· Judges lacked the constitutional authority to develop an overriding legal principle. Instead, if the new approach is to be justified, it needs to be shown in each case precisely why it is that statutory construction yields the particular result sought by the Crown.
· Lord Hoffmann
· There is ultimately only one principle of construction, namely to ascertain what Parliament meat by using the language of the statute… the innovation in Ramsay was to give the statutory concepts of ‘loss’ and ‘disposal’ a commercial meaning. The new principle of construction was a recognition that the statutory language was intended to refer to commercial concepts, so that in the case of a concept such as a ‘disposal’, the court was required to take a view of the facts which transcended the juristic individuality of the various parts of a preplanned series of transactions.
McFarlane and Simpson
· Lord Hoffmann concludes that the existing decisions can only be justified if it is accepted that Parliament may not always intend statutory language to bear a purely legal meaning. Instead, if the context so requires, Parliament may intend the words it uses to have a commercial meaning.
· Lord Brightman’s approach had been misunderstood, and could not be said to be a principle of construction. It was instead a statement of the consequences of giving a commercial construction to a fiscal concept, and must logically be preceded by an analysis of the stat language. Only by doing so could it be determined whether Parliament intended a particular term to be given a commercial meaning ‘capable of transcending the juristic individuality of the component parts’ of the transaction concerned.
· Where Parliament does intend a term to have a commercial meaning, then ‘to have regard to the business “substance” of the matter is not to ignore the legal position but to give effect to it.
· Burmah Oil: ‘loss’ in the capital gains tax legislation was again to be taken to mean a loss in commercial terms and not a series of pre-planned transactions which had no business purpose.
· In Furniss the q ‘was whether the disposal had been to one person rather than another’, and the answer was that ‘commercially’ the transaction was a transfer by the Dawsons to WB in exchange for a payment to GJ.
· Such an approach need not always drive one to conclude that a term is meant commercially. Lord H accepts that there are equally terms in tax legislation that cannot be construed in that way. So far as the facts of MacNiven were concerned, it was in fact such a case. The word ‘payment’ was not capable of bearing a commercial meaning wider than the legal one of an act, such as the transfer of money, which discharges a debt. The term must therefore be understood juristically, and the taxpayer was entitled to his deduction. The interest had been ‘paid’ within the meaning of the legislation.

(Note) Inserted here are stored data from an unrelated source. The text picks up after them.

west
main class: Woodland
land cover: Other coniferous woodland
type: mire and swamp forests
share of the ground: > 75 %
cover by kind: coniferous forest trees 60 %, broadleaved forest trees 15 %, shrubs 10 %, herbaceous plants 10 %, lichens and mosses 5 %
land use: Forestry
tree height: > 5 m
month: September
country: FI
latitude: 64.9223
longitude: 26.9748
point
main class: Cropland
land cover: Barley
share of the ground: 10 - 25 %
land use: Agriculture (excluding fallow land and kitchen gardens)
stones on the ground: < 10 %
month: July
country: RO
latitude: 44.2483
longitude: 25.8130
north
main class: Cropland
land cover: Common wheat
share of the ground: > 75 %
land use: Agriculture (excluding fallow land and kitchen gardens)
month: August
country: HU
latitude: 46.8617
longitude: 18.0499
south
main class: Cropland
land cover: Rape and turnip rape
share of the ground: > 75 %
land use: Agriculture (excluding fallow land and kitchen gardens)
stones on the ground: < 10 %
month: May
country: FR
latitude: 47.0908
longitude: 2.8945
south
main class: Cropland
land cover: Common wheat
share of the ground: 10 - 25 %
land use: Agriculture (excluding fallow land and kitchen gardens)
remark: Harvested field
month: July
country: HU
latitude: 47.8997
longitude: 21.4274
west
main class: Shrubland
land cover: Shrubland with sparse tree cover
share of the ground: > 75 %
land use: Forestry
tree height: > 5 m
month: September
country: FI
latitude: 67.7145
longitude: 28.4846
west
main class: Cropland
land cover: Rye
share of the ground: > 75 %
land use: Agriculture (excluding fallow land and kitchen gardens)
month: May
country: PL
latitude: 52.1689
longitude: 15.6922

· Where the relevant stat term has a legal meaning
· The courts will no longer be able to rely on the Ramsay principle to tackle avoidance- the decision in MacNiven conclusively rejects any attempt to argue that the Ramsay principle reflects a general judicial power to disregard or recharacterised a particular form of transaction. inevitably, the focus will then shift to other judicially-established techniques of tackling avoidance. First, the courts can confidently assert that the legal characterisation of acts is a matter for them and not for the parties, so that the label attached to a transaction by the parties will not be decisive. Equally, the courts are entitled to look at all the circumstances of a transaction in order to determine its legal nature, and need not assent to the manner in which the parties have recorded their dealings, nor any attempt by the parties to present elements of a transaction as discrete steps when those elements are, in truth, factually interdependent. However, given the evident weakness of these powers in the face of avoidance, the crucial question will be the true extent of the courts’ jurisdiction to disregard sham terms or transactions.